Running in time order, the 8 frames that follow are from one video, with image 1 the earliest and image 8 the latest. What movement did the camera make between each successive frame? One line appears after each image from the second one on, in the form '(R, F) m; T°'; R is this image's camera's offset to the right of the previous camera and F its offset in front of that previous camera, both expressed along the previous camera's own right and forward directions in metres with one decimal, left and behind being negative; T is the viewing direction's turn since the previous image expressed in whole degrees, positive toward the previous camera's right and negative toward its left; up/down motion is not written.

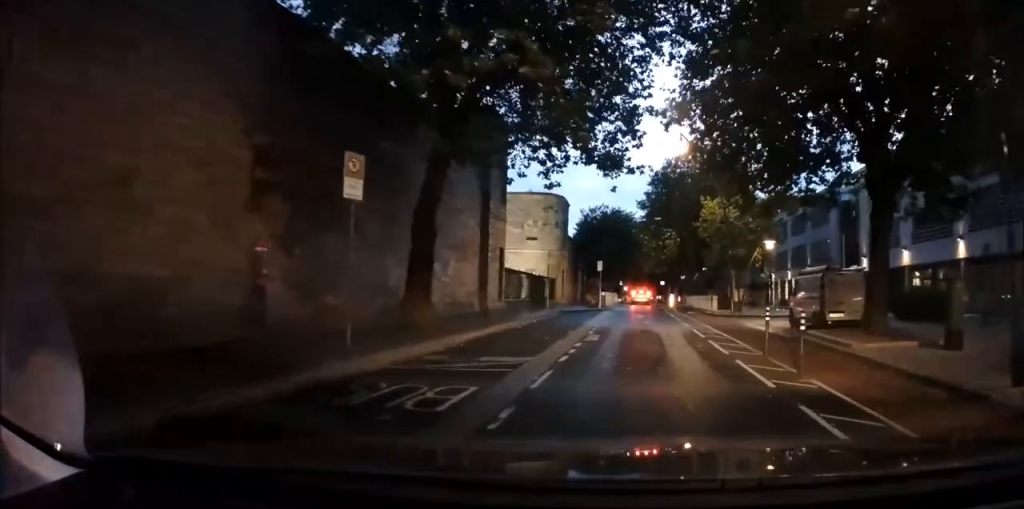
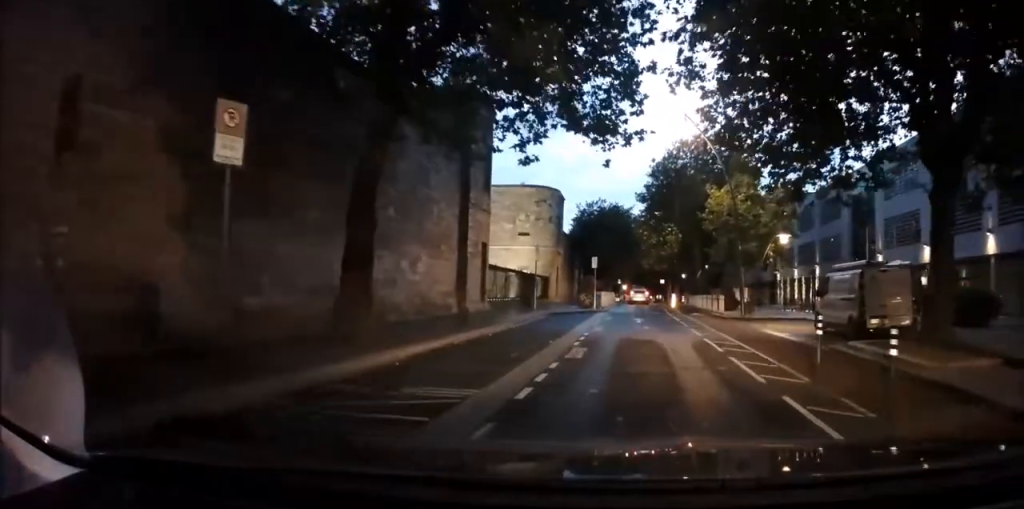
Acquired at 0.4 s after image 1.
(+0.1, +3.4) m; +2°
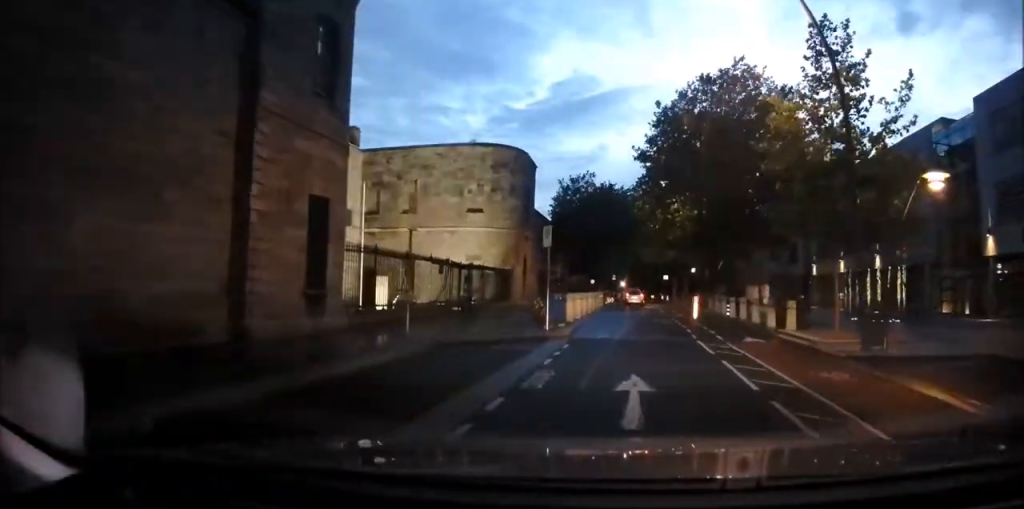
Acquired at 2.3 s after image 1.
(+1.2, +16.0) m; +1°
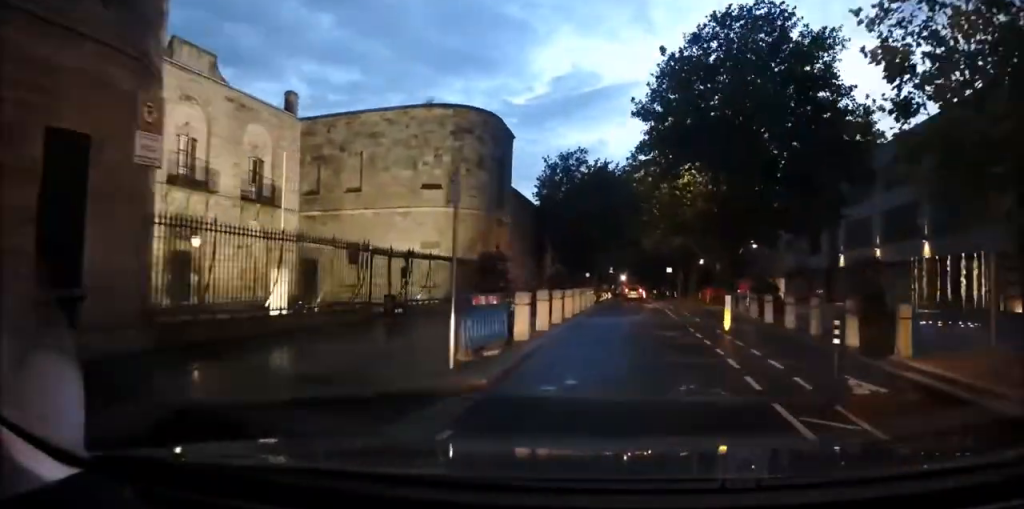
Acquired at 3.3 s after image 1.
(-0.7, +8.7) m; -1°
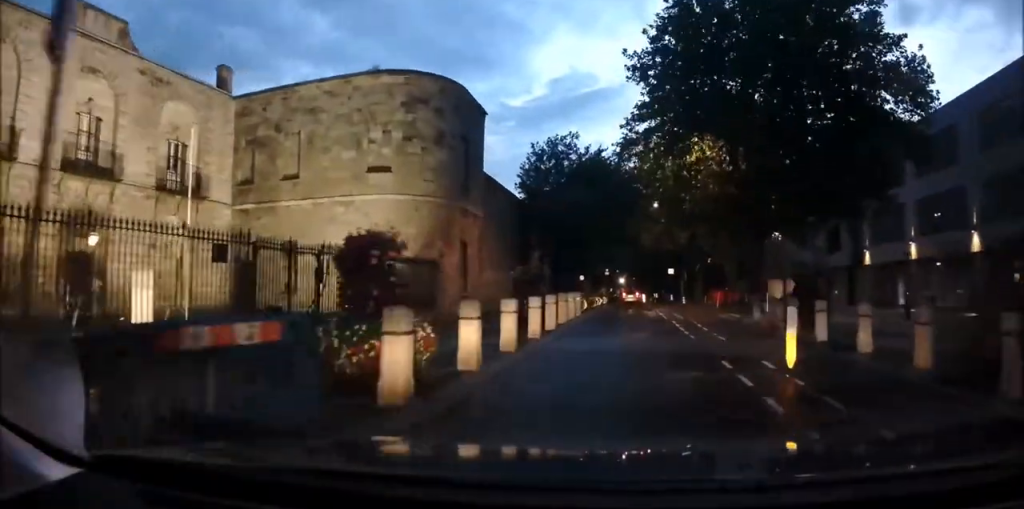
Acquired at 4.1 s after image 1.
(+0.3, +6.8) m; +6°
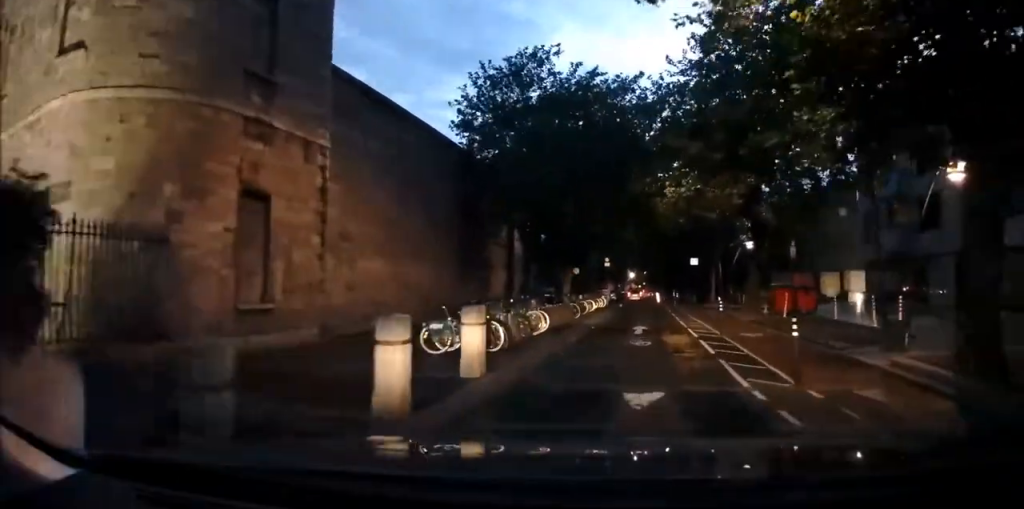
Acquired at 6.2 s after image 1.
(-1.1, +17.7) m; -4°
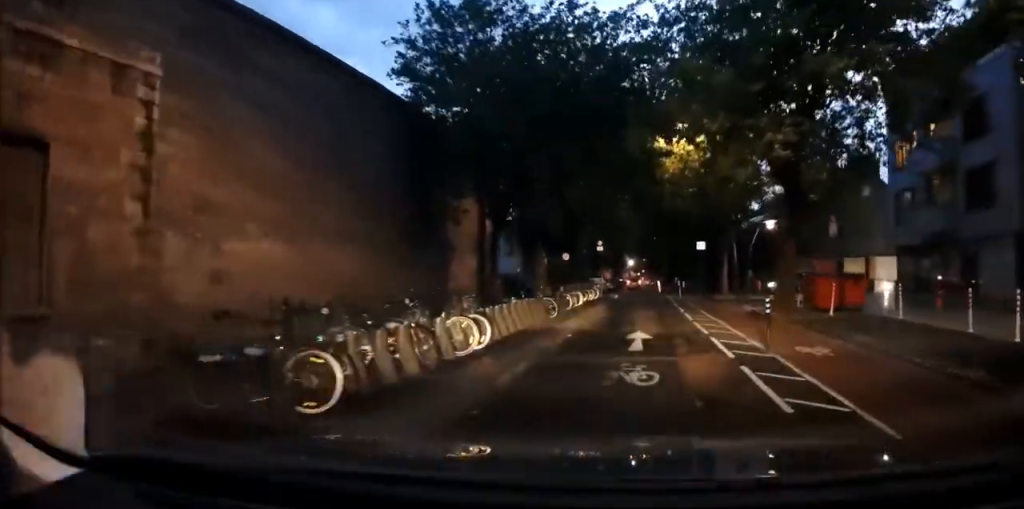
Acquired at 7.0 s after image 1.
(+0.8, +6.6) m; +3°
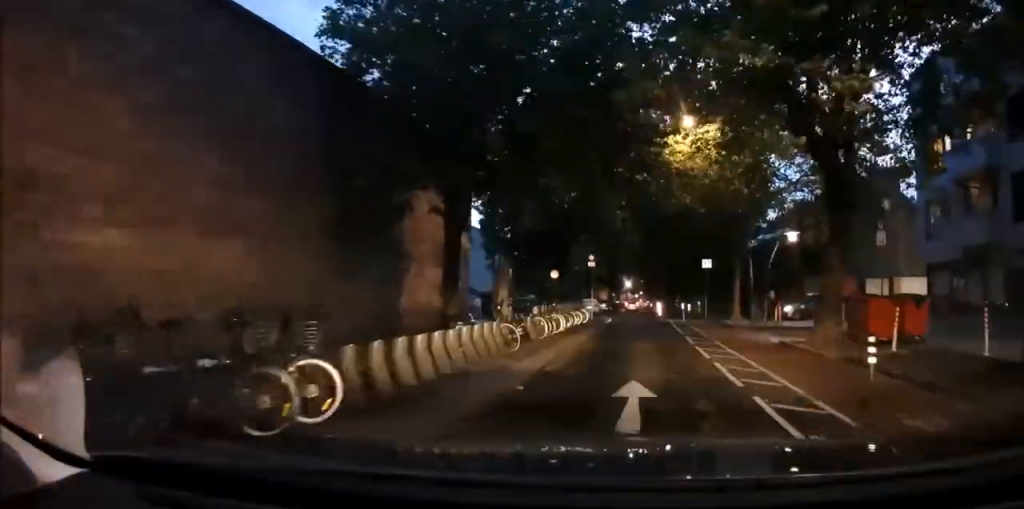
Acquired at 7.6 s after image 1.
────────────────
The entries above need to be transcribed exactly, with the images left out.

Running in time order, the 8 frames that follow are from one video, with image 1 the earliest and image 8 the latest. What movement did the camera make between each successive frame? One line appears after each image from the second one on, in the form '(R, F) m; T°'; R is this image's camera's offset to the right of the previous camera and F its offset in front of that previous camera, both expressed along the previous camera's own right and forward directions in metres with one decimal, left and behind being negative; T is the viewing direction's turn since the previous image expressed in whole degrees, positive toward the previous camera's right and negative toward its left; up/down motion is not written.

Acquired at 0.4 s after image 1.
(+0.1, +3.4) m; +2°
Acquired at 2.3 s after image 1.
(+1.2, +16.0) m; +1°
Acquired at 3.3 s after image 1.
(-0.7, +8.7) m; -1°
Acquired at 4.1 s after image 1.
(+0.3, +6.8) m; +6°
Acquired at 6.2 s after image 1.
(-1.1, +17.7) m; -4°
Acquired at 7.0 s after image 1.
(+0.8, +6.6) m; +3°
Acquired at 7.6 s after image 1.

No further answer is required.